The next morning, Stone Tower’s offices buzzed with an energy Amelia had never felt before. Executives hurried in and out of conference rooms, phones rang off the hook, and assistants whispered nervously in the corridors.
At the center of it all stood Alexander—calm, collected, and deadly.
Amelia had followed him to work that day, refusing to stay hidden in the penthouse while Clara’s shadow still loomed over them. She watched from the corner of his office as he gave sharp instructions to his legal team.
“I want every contract Clara Whitmore has touched in the last two years,” he commanded. “Every supplier, every investor, every partner. If she has skeletons in her closet—and she does—I’ll find them.”
His team scattered at once. Amelia stepped forward, her brow furrowed. “You’re going after her business?”
Alexander turned to her, his eyes hard, unyielding. “She thought she could ruin my wife’s name and walk away untouched. I won’t allow it.”
The way he said my wife made Amelia’s pulse quicken. Not cold, not calculated—possessive, protective.
“But won’t this escalate things?” she asked carefully.
His mouth curved into a humorless smile. “Amelia, this isn’t escalation. This is war. And in war, you don’t defend—you destroy.”
⸻
By noon, the storm had begun. A news outlet broke a story: Clara Whitmore’s foundation had misused donor funds. An hour later, leaked documents exposed her company’s backroom deals. Investors began pulling out, one by one, leaving her empire cracking at the edges.

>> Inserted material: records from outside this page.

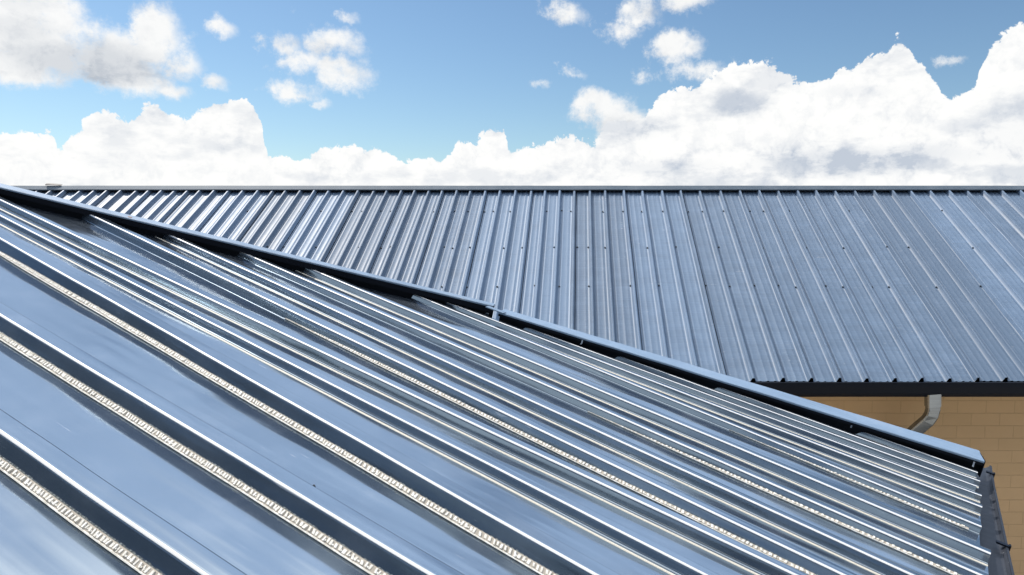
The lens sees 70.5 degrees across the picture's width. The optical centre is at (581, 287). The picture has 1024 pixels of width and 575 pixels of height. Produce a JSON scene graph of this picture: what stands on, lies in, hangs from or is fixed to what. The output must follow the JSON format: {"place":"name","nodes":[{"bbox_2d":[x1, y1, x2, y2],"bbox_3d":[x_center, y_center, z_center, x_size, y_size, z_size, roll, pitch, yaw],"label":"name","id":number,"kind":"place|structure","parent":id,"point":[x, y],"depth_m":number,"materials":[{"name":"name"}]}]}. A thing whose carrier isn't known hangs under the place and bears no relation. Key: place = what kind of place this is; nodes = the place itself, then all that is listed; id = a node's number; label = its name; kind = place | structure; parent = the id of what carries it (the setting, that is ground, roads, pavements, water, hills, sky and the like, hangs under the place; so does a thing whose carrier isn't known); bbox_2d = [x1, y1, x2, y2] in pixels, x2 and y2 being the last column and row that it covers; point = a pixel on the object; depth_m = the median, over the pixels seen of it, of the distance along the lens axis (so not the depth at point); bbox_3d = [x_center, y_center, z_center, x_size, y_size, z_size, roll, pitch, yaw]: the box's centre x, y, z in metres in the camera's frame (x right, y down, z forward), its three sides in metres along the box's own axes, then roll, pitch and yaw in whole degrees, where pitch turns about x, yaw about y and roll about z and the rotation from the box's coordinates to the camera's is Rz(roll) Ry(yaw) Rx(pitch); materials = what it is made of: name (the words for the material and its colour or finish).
{"place":"outdoors","nodes":[
{"label":"outdoors","id":0,"kind":"place"},
{"bbox_2d":[0,183,1014,574],"bbox_3d":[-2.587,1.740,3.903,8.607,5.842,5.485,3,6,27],"label":"metal roofed building","id":1,"kind":"structure","parent":0,"point":[178,401],"depth_m":2.98,"materials":[{"name":"metal"}]},
{"bbox_2d":[0,0,1023,185],"label":"sky","id":2,"kind":"structure","parent":0,"point":[93,92],"materials":[{"name":"blue"}]},
{"bbox_2d":[14,183,1023,574],"bbox_3d":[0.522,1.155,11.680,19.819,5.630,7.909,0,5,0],"label":"metal roofed building","id":3,"kind":"structure","parent":0,"point":[902,307],"depth_m":9.58,"materials":[{"name":"metal"}]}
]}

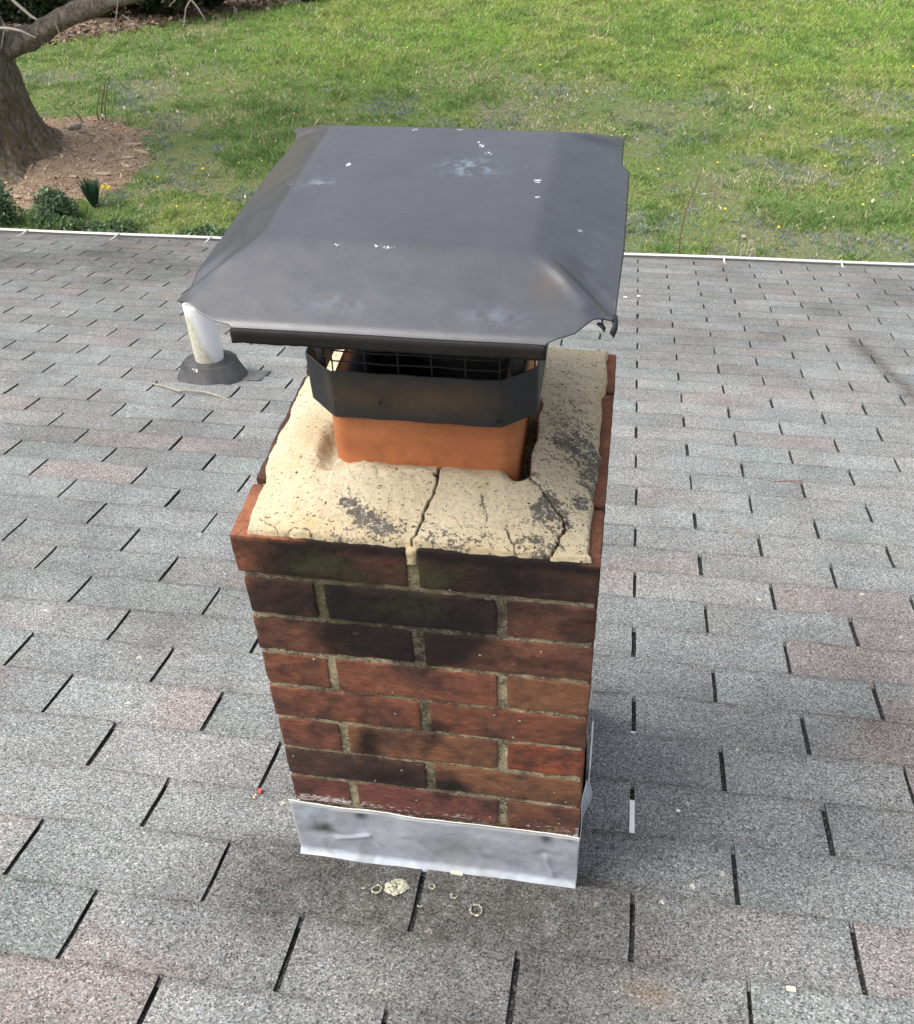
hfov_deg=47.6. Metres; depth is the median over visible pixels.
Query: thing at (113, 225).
shrub
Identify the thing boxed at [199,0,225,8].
shrub
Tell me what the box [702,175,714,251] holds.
dry cane
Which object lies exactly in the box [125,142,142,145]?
stone
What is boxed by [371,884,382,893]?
lichen patch
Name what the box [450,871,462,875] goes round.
cement chip
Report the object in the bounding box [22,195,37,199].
stone
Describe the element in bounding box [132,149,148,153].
stone
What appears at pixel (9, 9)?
shrub
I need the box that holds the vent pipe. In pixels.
[177,302,270,384]
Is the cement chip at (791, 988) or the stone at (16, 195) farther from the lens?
the stone at (16, 195)
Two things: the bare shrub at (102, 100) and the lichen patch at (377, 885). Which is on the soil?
the bare shrub at (102, 100)
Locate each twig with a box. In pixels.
[150,382,228,400]
[715,519,748,537]
[772,479,804,483]
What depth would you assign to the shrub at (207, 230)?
11.51 m
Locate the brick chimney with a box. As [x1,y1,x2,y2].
[230,347,616,888]
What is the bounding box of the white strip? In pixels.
[629,800,634,832]
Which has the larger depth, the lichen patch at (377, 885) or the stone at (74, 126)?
the stone at (74, 126)
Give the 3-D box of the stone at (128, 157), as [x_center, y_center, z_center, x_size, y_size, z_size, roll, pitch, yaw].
[-4.284,-4.624,13.513,0.175,0.038,0.090,5,42,8]
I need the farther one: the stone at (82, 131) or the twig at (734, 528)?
the stone at (82, 131)
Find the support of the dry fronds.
on the ground at (540, 117)
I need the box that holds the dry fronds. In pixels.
[732,240,755,255]
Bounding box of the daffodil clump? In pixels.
[75,174,110,207]
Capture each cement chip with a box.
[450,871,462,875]
[786,986,795,991]
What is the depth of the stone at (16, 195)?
12.64 m
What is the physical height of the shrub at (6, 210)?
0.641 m
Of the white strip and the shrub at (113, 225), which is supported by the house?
the white strip
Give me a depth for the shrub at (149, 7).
17.96 m
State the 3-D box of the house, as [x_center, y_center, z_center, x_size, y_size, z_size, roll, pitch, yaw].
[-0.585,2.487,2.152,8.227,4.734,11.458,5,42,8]
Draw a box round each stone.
[8,194,22,197]
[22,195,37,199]
[67,123,81,129]
[78,129,86,133]
[95,172,111,175]
[121,155,134,158]
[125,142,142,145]
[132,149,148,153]
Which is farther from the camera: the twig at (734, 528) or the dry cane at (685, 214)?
the dry cane at (685, 214)
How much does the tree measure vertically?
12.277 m
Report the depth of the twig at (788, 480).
2.92 m
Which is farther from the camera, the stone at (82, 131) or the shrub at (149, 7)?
the shrub at (149, 7)
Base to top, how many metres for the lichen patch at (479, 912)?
0.009 m
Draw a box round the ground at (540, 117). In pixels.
[0,0,913,262]
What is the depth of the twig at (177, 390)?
3.56 m
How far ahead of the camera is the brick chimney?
1.23 m
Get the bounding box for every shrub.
[0,0,69,23]
[0,176,25,227]
[24,186,79,229]
[37,214,136,232]
[70,73,127,122]
[101,0,205,17]
[176,223,226,236]
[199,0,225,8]
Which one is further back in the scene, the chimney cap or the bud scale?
the bud scale
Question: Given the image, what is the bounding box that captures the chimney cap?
[177,125,628,427]
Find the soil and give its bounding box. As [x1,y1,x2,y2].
[0,113,152,214]
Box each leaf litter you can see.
[2,0,303,44]
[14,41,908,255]
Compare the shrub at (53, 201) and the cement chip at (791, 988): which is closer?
the cement chip at (791, 988)
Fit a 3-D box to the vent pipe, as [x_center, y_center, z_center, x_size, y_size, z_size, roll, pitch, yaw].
[-0.855,-0.565,3.687,0.319,0.421,0.249,5,42,8]
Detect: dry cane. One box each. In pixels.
[678,173,699,253]
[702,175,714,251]
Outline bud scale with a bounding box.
[252,788,261,798]
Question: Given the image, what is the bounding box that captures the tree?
[0,0,204,185]
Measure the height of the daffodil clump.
0.355 m
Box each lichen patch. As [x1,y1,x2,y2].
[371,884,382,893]
[383,878,409,895]
[469,904,482,915]
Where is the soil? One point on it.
(65, 167)
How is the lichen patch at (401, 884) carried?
on the house
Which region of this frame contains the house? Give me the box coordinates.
[0,228,913,1023]
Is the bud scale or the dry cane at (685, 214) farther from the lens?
the dry cane at (685, 214)
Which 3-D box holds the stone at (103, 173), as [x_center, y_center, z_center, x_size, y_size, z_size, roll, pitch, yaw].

Amelia watched it unfold with wide eyes. “You did this in a matter of hours.”
Alexander poured himself a glass of water, his expression unreadable. “Clara forgot who she was playing against.” His gaze shifted to Amelia then, softer, almost vulnerable. “She underestimated you, too.”
Her chest tightened. “Why me?”
He set the glass down and stepped closer, his presence overwhelming. “Because you refused to bow. You fought back. And that… changed everything.”
Amelia’s breath caught as his hand brushed against her arm, deliberate this time, lingering.
For the first time, Alexander Stone wasn’t just the cold tycoon. He was a man who had chosen to fight—not for an empire, but for her.